We owe donors clarity around how their specimens will be used, especially when it comes to secondary research, data sharing, and commercialization. That means consent scope must be clearly documented, version-controlled, and honored throughout downstream distribution.
When provenance is fragmented, verifying consent becomes complicated. Even if a repository didn’t control the initial collection, it shares responsibility for ensuring that distribution aligns with what donors agreed to.
In a research landscape where public trust matters more than ever, ethical governance isn’t just compliance — it’s a differentiator.
If the procurement paradox is rooted in the traditional business model of volume and access, we must evolve that model to meet today’s needs.
Quality cannot depend solely on individual vigilance. It must be built into systems. Digital chain-of-custody records, consistent identifiers that follow a specimen across institutions, integrated environmental monitoring, and robust laboratory information management systems should be standard — not optional.
A specimen’s history should be clear, continuous, and defensible. Donor consent should be explicit. Time-stamped custody documentation should travel with the material. Environmental data should be captured proactively, not reconstructed later. Traceability should be operational, not aspirational.
At the heart of the procurement paradox is an incentive challenge. The market rewards capacity and availability, and suppliers are compensated accordingly. Meanwhile, investments in traceability, documentation, and governance increase operational cost — yet the market doesn’t consistently reward that added rigor.
When availability is prioritized without equal emphasis on traceability, long-term risk grows. Irreproducible findings, regulatory scrutiny, and lost research time ultimately slow innovation more than thoughtful governance ever could.
As AI and advanced analytics become more embedded in research, this tension will intensify. Sponsors won’t just ask, “Do you have it?” They’ll increasingly ask, “Can you prove it?”
We’re already seeing the early signs of market evolution. Exploratory discovery may tolerate variability. Translational research, AI validation, and regulatory submissions will not. Biospecimens are moving from commodity inputs to research assets that must withstand audit-level scrutiny.
The procurement paradox isn’t simply about scarcity. It’s about stewardship.

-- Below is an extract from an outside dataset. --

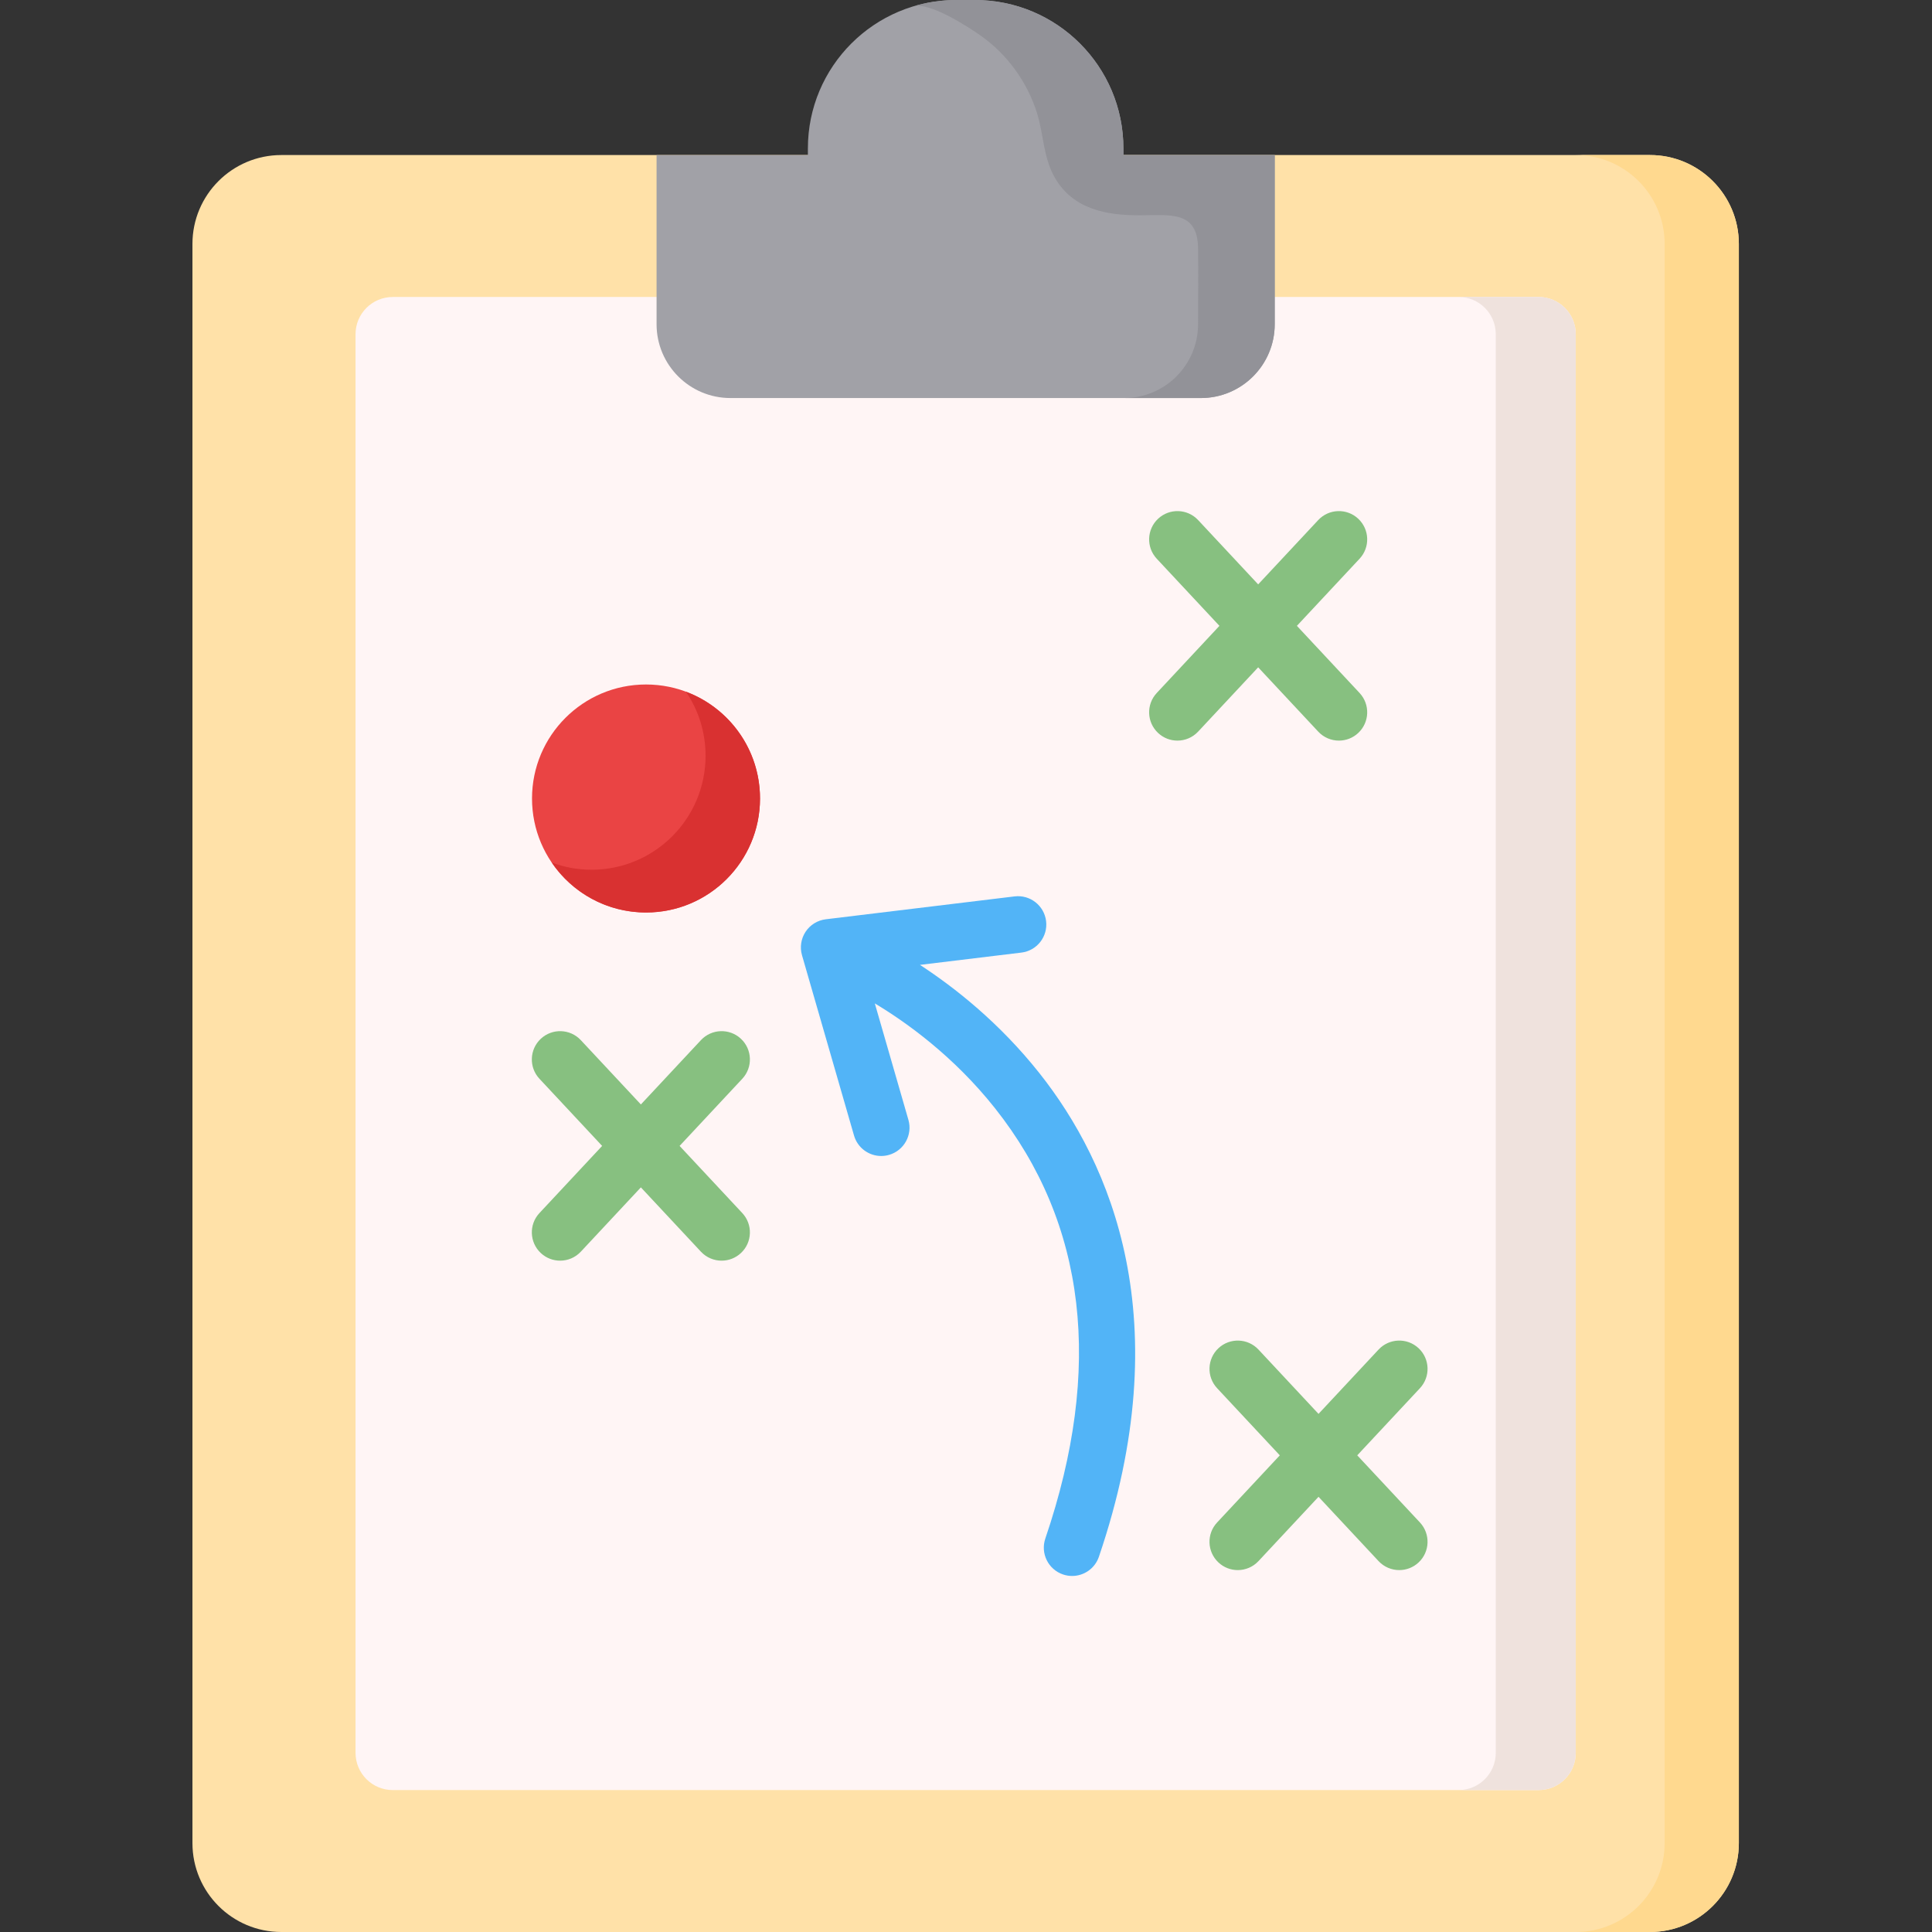 <svg height="512pt" viewBox="-51 0 512 512" width="512pt" xmlns="http://www.w3.org/2000/svg"><rect x="-51" y="0" width="512" height="512" fill="#333333" stroke="none"/><path d="m386.254 512h-362.695c-13.012 0-23.559-10.547-23.559-23.559v-423.793c0-13.012 10.547-23.559 23.559-23.559h362.695c13.012 0 23.559 10.547 23.559 23.559v423.793c0 13.012-10.547 23.559-23.559 23.559zm0 0" fill="#ffe1a8"/><path d="m409.812 64.645v423.801c0 13.004-10.551 23.555-23.555 23.555h-19.664c13.004 0 23.555-10.551 23.555-23.555v-423.801c0-13.004-10.551-23.555-23.555-23.555h19.664c13.004 0 23.555 10.551 23.555 23.555zm0 0" fill="#ffd98f"/><path d="m356.727 474.387h-303.641c-5.449 0-9.867-4.418-9.867-9.863v-375.957c0-5.445 4.418-9.863 9.867-9.863h303.641c5.449 0 9.867 4.418 9.867 9.863v375.957c0 5.449-4.418 9.863-9.867 9.863zm0 0" fill="#fff5f5"/><path d="m366.59 88.566v375.953c0 5.453-4.41 9.871-9.863 9.871h-21.203c5.453 0 9.871-4.418 9.871-9.871v-375.953c0-5.449-4.418-9.871-9.871-9.871h21.203c5.453.004 9.863 4.422 9.863 9.871zm0 0" fill="#efe2dd"/><path d="m246.715 41.09v-1.754c0-21.723-17.609-39.332-39.332-39.332h-4.953c-21.723 0-39.332 17.609-39.332 39.332v1.754h-40.102v44.82c0 10.812 8.766 19.574 19.574 19.574h124.668c10.812 0 19.574-8.762 19.574-19.574v-44.82zm0 0" fill="#a1a1a7"/><path d="m286.816 41.09v44.82c0 10.809-8.766 19.578-19.574 19.578h-20.32c10.82 0 19.578-8.77 19.578-19.578 0-6.727.113-13.461 0-20.188-.168-10.02-7.492-8.664-15.508-8.664-8.699 0-17.551-1.535-22.422-9.922-3.086-5.316-2.965-11.449-4.758-17.191-2.559-8.176-7.84-15.484-14.832-20.441-3.387-2.402-13.723-9.105-17.996-7.805 3.617-1.102 7.473-1.699 11.449-1.699h4.945c21.73 0 39.34 17.617 39.34 39.34v1.75zm0 0" fill="#929298"/><path d="m150.414 211.609c0 16.684-13.523 30.211-30.211 30.211-16.684 0-30.211-13.527-30.211-30.211s13.527-30.211 30.211-30.211c16.688 0 30.211 13.527 30.211 30.211zm0 0" fill="#ea4444"/><path d="m150.41 211.613c0 16.68-13.516 30.207-30.211 30.207-10.383 0-19.555-5.242-24.984-13.238 3.289 1.234 6.852 1.906 10.562 1.906 16.691 0 30.207-13.527 30.207-30.211 0-6.293-1.914-12.125-5.211-16.969 11.477 4.277 19.637 15.332 19.637 28.305zm0 0" fill="#d93131"/><path d="m298.344 193.887c1.477 1.582 3.477 2.383 5.48 2.383 1.832 0 3.672-.668 5.117-2.02 3.027-2.828 3.191-7.574.363-10.602l-16.613-17.793 16.613-17.789c2.828-3.027 2.664-7.773-.363-10.602s-7.773-2.664-10.598.359l-15.914 17.043-15.914-17.043c-2.828-3.023-7.574-3.188-10.602-.359-3.027 2.824-3.191 7.57-.363 10.602l16.613 17.789-16.613 17.793c-2.828 3.027-2.664 7.773.363 10.602 1.445 1.352 3.281 2.02 5.117 2.02 2.004 0 4.004-.801 5.484-2.383l15.914-17.039zm0 0" fill="#87c080"/><path d="m145.355 275.285c-3.031-2.828-7.773-2.664-10.602.363l-15.914 17.043-15.918-17.043c-2.824-3.027-7.57-3.191-10.602-.363-3.023 2.828-3.188 7.574-.359 10.602l16.613 17.793-16.613 17.793c-2.828 3.023-2.664 7.77.359 10.598 1.449 1.352 3.285 2.02 5.121 2.02 2.004 0 4.004-.801 5.48-2.379l15.918-17.043 15.914 17.043c1.477 1.578 3.477 2.379 5.48 2.379 1.836 0 3.672-.668 5.121-2.02 3.027-2.824 3.188-7.57.359-10.598l-16.613-17.793 16.613-17.793c2.828-3.027 2.668-7.773-.359-10.602zm0 0" fill="#87c080"/><path d="m192.797 255.703 26.887-3.258c4.113-.496 7.043-4.234 6.543-8.348-.5-4.113-4.238-7.039-8.348-6.543l-50.035 6.062c-2.184.266-4.141 1.473-5.355 3.305-1.211 1.836-1.559 4.105-.953 6.219l13.789 47.785c.949 3.285 3.945 5.426 7.203 5.426.688 0 1.387-.098 2.082-.297 3.98-1.148 6.277-5.309 5.129-9.285l-8.902-30.852c8.301 4.973 20.895 13.961 31.844 27.773 24.215 30.543 28.703 68.91 13.34 114.039-1.332 3.918.762 8.18 4.684 9.516.801.273 1.617.402 2.418.402 3.121 0 6.035-1.965 7.098-5.086 21.316-62.609 3.184-104.27-15.785-128.191-10.59-13.355-22.473-22.695-31.637-28.668zm0 0" fill="#52b4f7"/><path d="m308.684 385.68 16.617-17.793c2.824-3.027 2.664-7.773-.363-10.602s-7.773-2.664-10.602.363l-15.914 17.043-15.914-17.043c-2.828-3.027-7.574-3.188-10.602-.363-3.023 2.828-3.188 7.574-.359 10.602l16.613 17.793-16.613 17.793c-2.828 3.023-2.668 7.77.359 10.598 1.449 1.352 3.285 2.02 5.117 2.02 2.008 0 4.008-.801 5.484-2.379l15.914-17.043 15.914 17.043c1.477 1.578 3.477 2.379 5.484 2.379 1.832 0 3.672-.668 5.117-2.02 3.027-2.824 3.188-7.57.363-10.598zm0 0" fill="#87c080"/></svg>

Precision medicine depends not just on access, but on integrity. Researchers, sponsors, and biorepositories all have a role in realigning incentives so that quality is explicitly valued. Procurement agreements should reward complete metadata and verified pre-analytic documentation. Governance maturity should be recognized as a strategic advantage. Long-term partnerships should replace purely transactional sourcing.
Investing in structural traceability and consent governance doesn’t slow progress — it protects it. It reduces irreproducibility, strengthens donor trust, and ensures that advanced analytics produce insights that are reliable and defensible.
Demand will continue to rise. The question is whether procurement systems will rise with it.